What you need to do = If a line in the listing carries the word "VECTOR", return a copy of that line.

Supplied data =
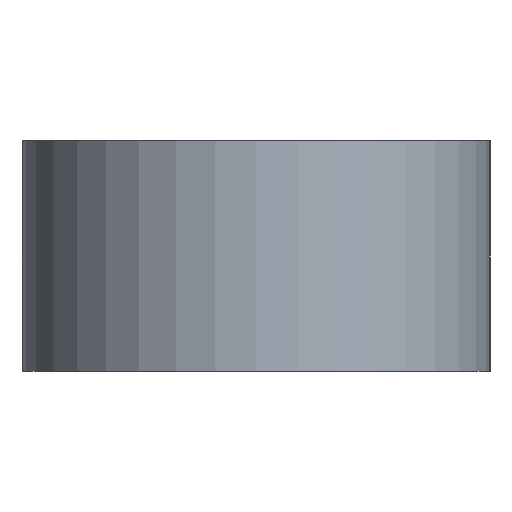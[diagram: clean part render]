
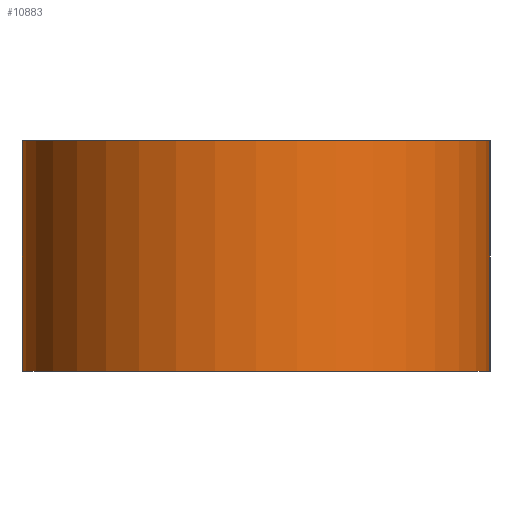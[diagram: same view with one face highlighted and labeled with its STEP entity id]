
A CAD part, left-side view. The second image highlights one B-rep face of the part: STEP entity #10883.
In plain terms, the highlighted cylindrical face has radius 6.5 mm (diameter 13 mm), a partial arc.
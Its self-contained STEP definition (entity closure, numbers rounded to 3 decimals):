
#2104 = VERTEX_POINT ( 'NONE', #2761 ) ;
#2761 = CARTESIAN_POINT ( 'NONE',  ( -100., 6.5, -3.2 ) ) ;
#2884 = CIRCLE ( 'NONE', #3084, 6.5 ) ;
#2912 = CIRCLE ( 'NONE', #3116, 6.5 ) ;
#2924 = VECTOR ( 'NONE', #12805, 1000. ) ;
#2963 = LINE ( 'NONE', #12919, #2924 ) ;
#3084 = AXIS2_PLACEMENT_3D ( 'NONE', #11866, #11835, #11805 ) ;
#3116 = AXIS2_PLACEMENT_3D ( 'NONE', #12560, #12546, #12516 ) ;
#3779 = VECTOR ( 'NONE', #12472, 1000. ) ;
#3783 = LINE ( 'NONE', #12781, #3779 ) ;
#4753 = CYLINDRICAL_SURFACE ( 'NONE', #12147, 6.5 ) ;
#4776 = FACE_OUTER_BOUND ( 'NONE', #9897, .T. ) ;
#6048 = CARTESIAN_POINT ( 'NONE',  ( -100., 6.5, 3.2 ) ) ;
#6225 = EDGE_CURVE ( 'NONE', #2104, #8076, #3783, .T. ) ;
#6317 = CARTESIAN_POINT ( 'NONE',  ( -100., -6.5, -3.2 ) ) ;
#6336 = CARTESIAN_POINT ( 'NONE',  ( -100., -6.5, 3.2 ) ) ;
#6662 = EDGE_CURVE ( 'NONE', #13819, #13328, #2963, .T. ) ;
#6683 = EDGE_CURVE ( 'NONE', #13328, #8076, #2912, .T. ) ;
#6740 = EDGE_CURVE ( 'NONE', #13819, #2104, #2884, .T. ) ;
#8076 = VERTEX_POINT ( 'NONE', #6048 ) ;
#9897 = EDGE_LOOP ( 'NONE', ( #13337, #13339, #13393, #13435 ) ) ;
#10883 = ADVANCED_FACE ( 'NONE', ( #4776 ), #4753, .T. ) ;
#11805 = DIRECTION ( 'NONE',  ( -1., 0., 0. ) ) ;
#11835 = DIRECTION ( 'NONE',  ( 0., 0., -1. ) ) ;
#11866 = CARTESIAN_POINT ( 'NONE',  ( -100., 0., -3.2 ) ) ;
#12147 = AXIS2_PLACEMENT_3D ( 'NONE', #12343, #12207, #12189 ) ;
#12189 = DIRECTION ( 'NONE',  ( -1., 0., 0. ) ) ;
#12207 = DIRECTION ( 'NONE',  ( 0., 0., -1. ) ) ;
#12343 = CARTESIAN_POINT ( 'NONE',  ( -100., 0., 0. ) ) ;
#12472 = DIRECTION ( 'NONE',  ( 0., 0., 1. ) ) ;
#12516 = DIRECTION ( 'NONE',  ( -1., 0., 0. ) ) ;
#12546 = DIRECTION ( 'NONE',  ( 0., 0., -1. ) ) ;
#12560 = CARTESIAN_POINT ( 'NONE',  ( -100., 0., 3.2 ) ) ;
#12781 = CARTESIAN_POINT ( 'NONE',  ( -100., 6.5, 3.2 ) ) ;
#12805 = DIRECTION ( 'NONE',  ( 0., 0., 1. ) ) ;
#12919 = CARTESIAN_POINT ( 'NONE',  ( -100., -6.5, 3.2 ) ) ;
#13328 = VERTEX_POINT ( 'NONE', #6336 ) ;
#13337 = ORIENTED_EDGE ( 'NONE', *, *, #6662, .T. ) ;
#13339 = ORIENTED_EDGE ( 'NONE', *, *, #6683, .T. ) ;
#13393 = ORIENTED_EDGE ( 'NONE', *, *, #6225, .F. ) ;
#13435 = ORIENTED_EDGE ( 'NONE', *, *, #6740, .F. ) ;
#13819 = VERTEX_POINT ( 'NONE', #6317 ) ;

Answer below =
#2924 = VECTOR ( 'NONE', #12805, 1000. ) ;
#3779 = VECTOR ( 'NONE', #12472, 1000. ) ;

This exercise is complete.